Here is the Master Saddle Deluxe, also made by Buckingham. It's the new saddle I'm seriously taking a look at. I believe sherrill tree also has a video demo of this particular saddle. Might want to take a look at it as well. Only drawback is that I think they are the only ones who sell that particular model, so if you want to shop around, you may be outta luck. -Josh

http://www.sherrilltree.com/Professional-Gear/Tree-climbing-saddles-harness/Master-Deluxe


----------



## 2FatGuys (May 12, 2010)

Josh - Sherril is a great source for products, but they are not a sole source for that saddle! That is the same saddle I use, but I got it from another site sponsor, Wesspur:

http://wesspur.com/saddles/buckingham-deluxe-master.html

It is also available form yet another site sponsor, Bailey's: 

http://www.baileysonline.com/itemdetail.asp?item=11290 SM&productid=11290+SM&channelid=FROOG

Wesspur carries it with a "grommetted belt" also... but I opted not to get that.

There are a LOT of places that sell that saddle!


----------



## Josh777 (May 12, 2010)

*Ah, I was thrown off a little I see.*



2FatGuys said:


> Josh - Sherril is a great source for products, but they are not a sole source for that saddle! That is the same saddle I use, but I got it from another site sponsor, Wesspur:
> 
> http://wesspur.com/saddles/buckingham-deluxe-master.html
> 
> ...



It looks as though I was mistaken. The color scheme is a little different, probably why I thought it was a different saddle. The belt is slightly different like you said and you are correct it looks like Buckingham has made it identical in virtually every other way. Thanks for bringing it to my attention, especially since it's a little less expensive on Bailey's. 

Question though, do you like the master saddle now that you've had a chance to use it. I'm looking at it pretty hard and you're the first person I've come across that actually owns one. Any insight into the pro's and con's would be awesome.

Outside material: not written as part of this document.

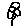
Label: flower
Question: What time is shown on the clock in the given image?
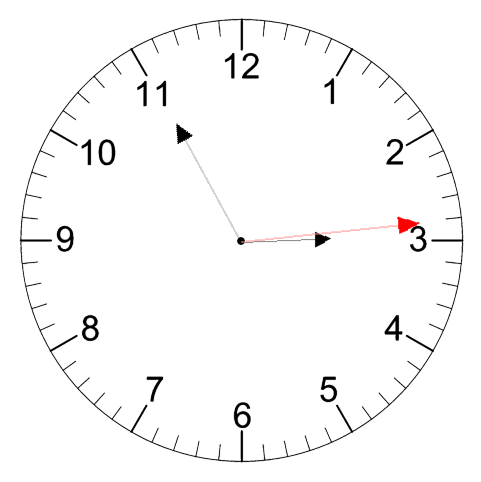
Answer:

Thanks again for catching my mistake and any help in making the right decision on this saddle. -Josh


----------



## 2FatGuys (May 12, 2010)

I love it. It's comfortable ,wider back than "classic", more breathable padding, fit's me and my climbing style well, etc. I have looked into the rope bridge types but have always used hard tie-in points (a throw-back to my rock climbing days I guess). It's a good saddle.


----------



## Josh777 (May 12, 2010)

2FatGuys said:


> I love it. It's comfortable ,wider back than "classic", more breathable padding, fit's me and my climbing style well, etc. I have looked into the rope bridge types but have always used hard tie-in points (a throw-back to my rock climbing days I guess). It's a good saddle.



Does it tighten around the waist with the grommet belt or is it more like a rock climbing harness where it cinches by pulling a strap through a buckle.


----------



## 2FatGuys (May 12, 2010)

Mine does not have the grommet belt. I don't like those. Just a personal preference...


----------



## fishercat (May 12, 2010)

*I have a Komet Butterfly.*

it's an awesome saddle except the factory bridge blows! you can replace it with rope.

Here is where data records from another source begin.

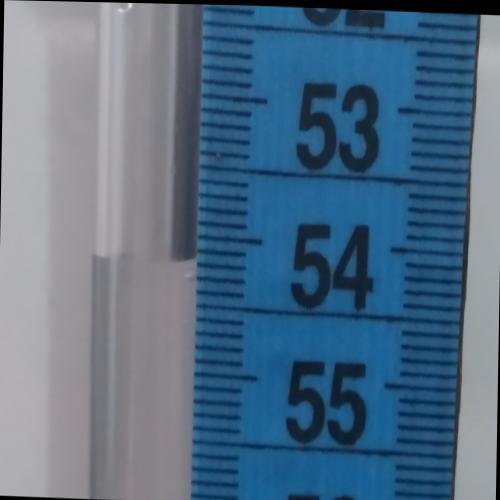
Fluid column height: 54.2 cm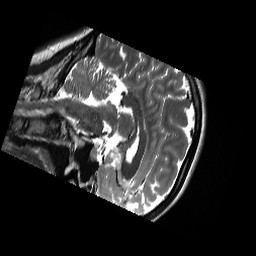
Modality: T2w
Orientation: sagittal
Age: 23
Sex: female
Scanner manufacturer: siemens
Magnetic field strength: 3 T
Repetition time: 13.52 s
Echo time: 0.088 s
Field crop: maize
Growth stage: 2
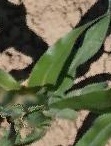
Species: maize

my next saddle will be the Ergovation without a doubt.i really don't worry about the price of climbing gear any more.if an extra $200 makes me more comfortable and productive,RING IT UP!!!!!!!!!!!!! I learned this with a good pair of boots and never looked back.

The other reason I don't look back is because I don't want to look at SOM passed out against a stump with BBQ sauce all over his face with a spilled diet soda in his lap.


----------



## tree md (May 13, 2010)

I went with the older Navaho Miniboss as well, per OD's recommendation. Love it! They don't make them anymore but the Navaho Sit looks pretty similar.

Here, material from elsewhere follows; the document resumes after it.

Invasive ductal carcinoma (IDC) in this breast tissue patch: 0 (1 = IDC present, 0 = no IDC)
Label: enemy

It took me a little bit to get used to the step though saddle but it is a small inconvenience. I made a rope bridge for mine and really love working with it compared to my old fixed ring saddle. You can see here how it just positions better for limb walking:






There are a couple of minor issues I have had with the saddle but have been able to work them all out. I really wish I would have got the full Boss saddle. Same as the Miniboss but with a top croll. I get tired of mooning the whole neighborhood when I have to work with the big saw topside. The suspenders on the Boss would eliminate that.


----------



## Damon (May 13, 2010)

tree md said:


> I get tired of mooning the whole neighborhood when I have to work with the big saw topside. The suspenders on the Boss would eliminate that.



I agree 100% it is deffinitly worth it to get a harness that at least has the option of suspenders i assure you you may not want then today or even next week but when you get enough gear you will need them! for some reason HOs dont like to see your ass 60 feet above them makes em nervous or something


----------